End of the Lines?

Silicone (Silikon 1000 -- FDA-approved for correcting retinal detachment)

Medical-grade silicone injections have been slowly gaining in popularity because they finish off a wrinkle once and for all. Microdroplets deposited in the skin via multiple injections along a crease prompt the body to produce collagen to surround the foreign bodies, which lifts the area. But this method is permanent, meaning side effects (including red, inflamed nodules) and any mistakes (such as overplumping) are there for life.

Hyaluronic acid (Restylane, Hylaform, Captique)

Depending on the product, man-made gel versions of hyaluronic acid (HA), a sugar molecule, are derived from tiny pieces of rooster combs or bacteria grown in a lab. Once injected into lines, the material attracts up to 1,000 times its weight in water, thus filling the crevice. HA's cushiony softness makes it a favorite for cheeks and lips.

The downside: The material has quite a sting, and swelling is obvious for a day or two. If injected too superficially -- a mistake that's most often made by inexperienced injectors -- HA can temporarily produce tiny beading and inflamed larger nodules. HA lasts about four to six months.

Poly-L-lactic acid (Sculptra -- FDA-approved to replace lost tissue in the faces of HIV-positive people)

For more than 20 years, poly-L-lactic acid was used in absorbable sutures, before doctors found that placing it deep within the skin revs up collagen production.

"You inject it once a month, and new collagen gradually creates added volume.
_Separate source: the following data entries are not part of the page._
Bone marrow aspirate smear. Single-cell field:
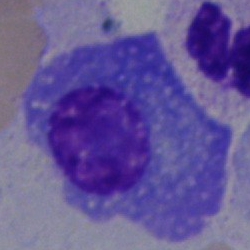 Morphology — plasmacyte.
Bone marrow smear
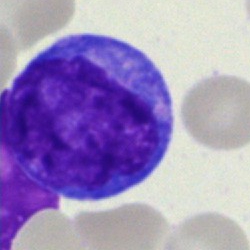

Specimen: bone marrow aspirate smear.
Cell type: blast.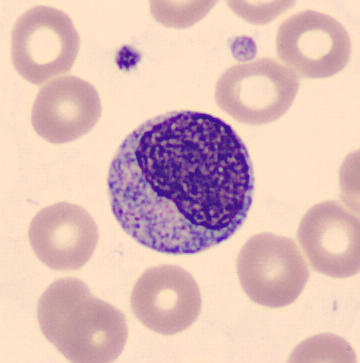
Image: Peripheral blood film; 360×363; single-cell crop.

Morphology → myelocyte.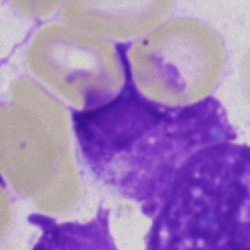
Q: What is shown here?
A: An artefact.
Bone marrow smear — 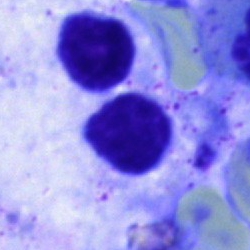Specimen: bone marrow smear.
Morphological class: typical lymphocyte.
Lineage: lymphoid.
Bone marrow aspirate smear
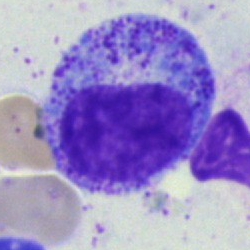
Morphology → promyelocyte.
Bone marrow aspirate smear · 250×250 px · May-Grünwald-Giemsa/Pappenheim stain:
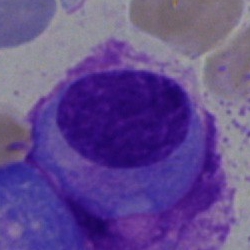Classification = plasmacyte.
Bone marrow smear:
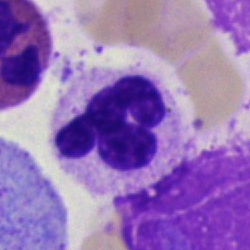

Morphological class: segmented neutrophil.
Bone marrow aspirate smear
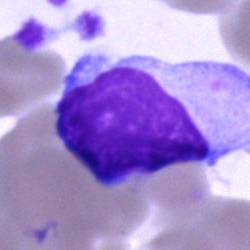

Specimen: bone marrow smear.
Cell: undifferentiated blast.
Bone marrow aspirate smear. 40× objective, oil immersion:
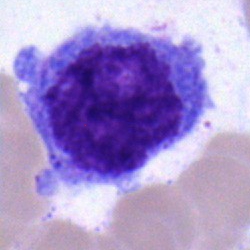

{"cell_type": "blast cell"}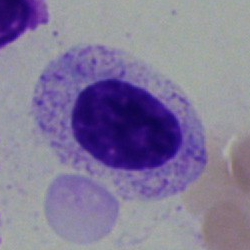

Cell type: myelocyte.
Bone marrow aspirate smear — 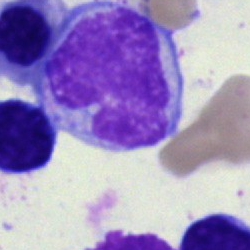 A monocyte.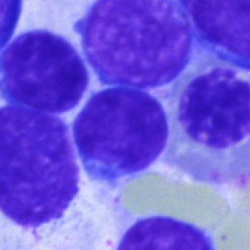 The classification is lymphocyte.
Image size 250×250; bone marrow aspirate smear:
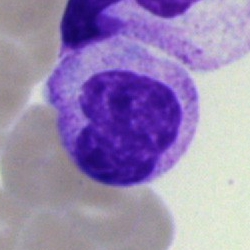{"cell_type": "artefact"}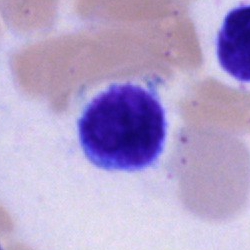
Q: What is the morphological classification of this cell?
A: A typical lymphocyte.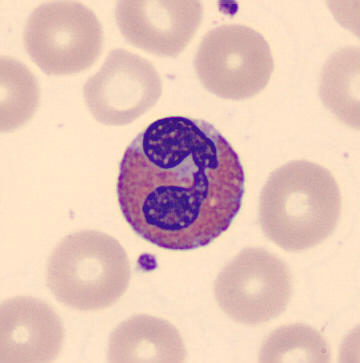

Peripheral blood film. Cell: eosinophilic granulocyte.
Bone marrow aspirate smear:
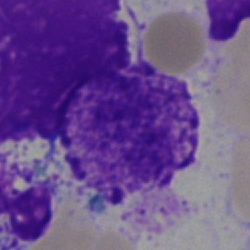 Q: What is shown here?
A: It is an artifact.
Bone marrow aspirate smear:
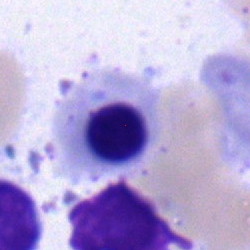Morphology consistent with a nucleated red cell.
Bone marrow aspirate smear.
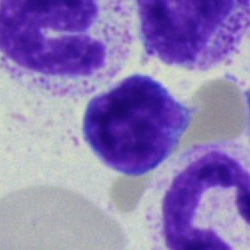 Specimen: bone marrow aspirate smear.
Classification: lymphocyte.
Lineage: lymphoid.

About four sessions works amazingly well," says Dr. Leslie Baumann, a professor of dermatology at the University of Miami. Bonus: Sculptra is so thick, the plumping effect lasts up to two years. Side effects may include small bumps or inflammation within a year of treatment.

Calcium hydroxylapatite (Radiesse -- FDA-approved to treat vocal cord paralysis)

This version of the natural cementing material found in teeth and bone is suspended in a water-based gel. Clinical trials for wrinkle filling are under way, but some doctors are already using it for deep wrinkles, jowls and even botched nose jobs. It's so thick that the doctor must inject it deeply through a large needle, so there's more bruising than with other injectables, says Dr. Thomas Romo III, director of plastic reconstructive surgery at Lenox Hill Hospital in New York City. The plumping may persist for two years or more.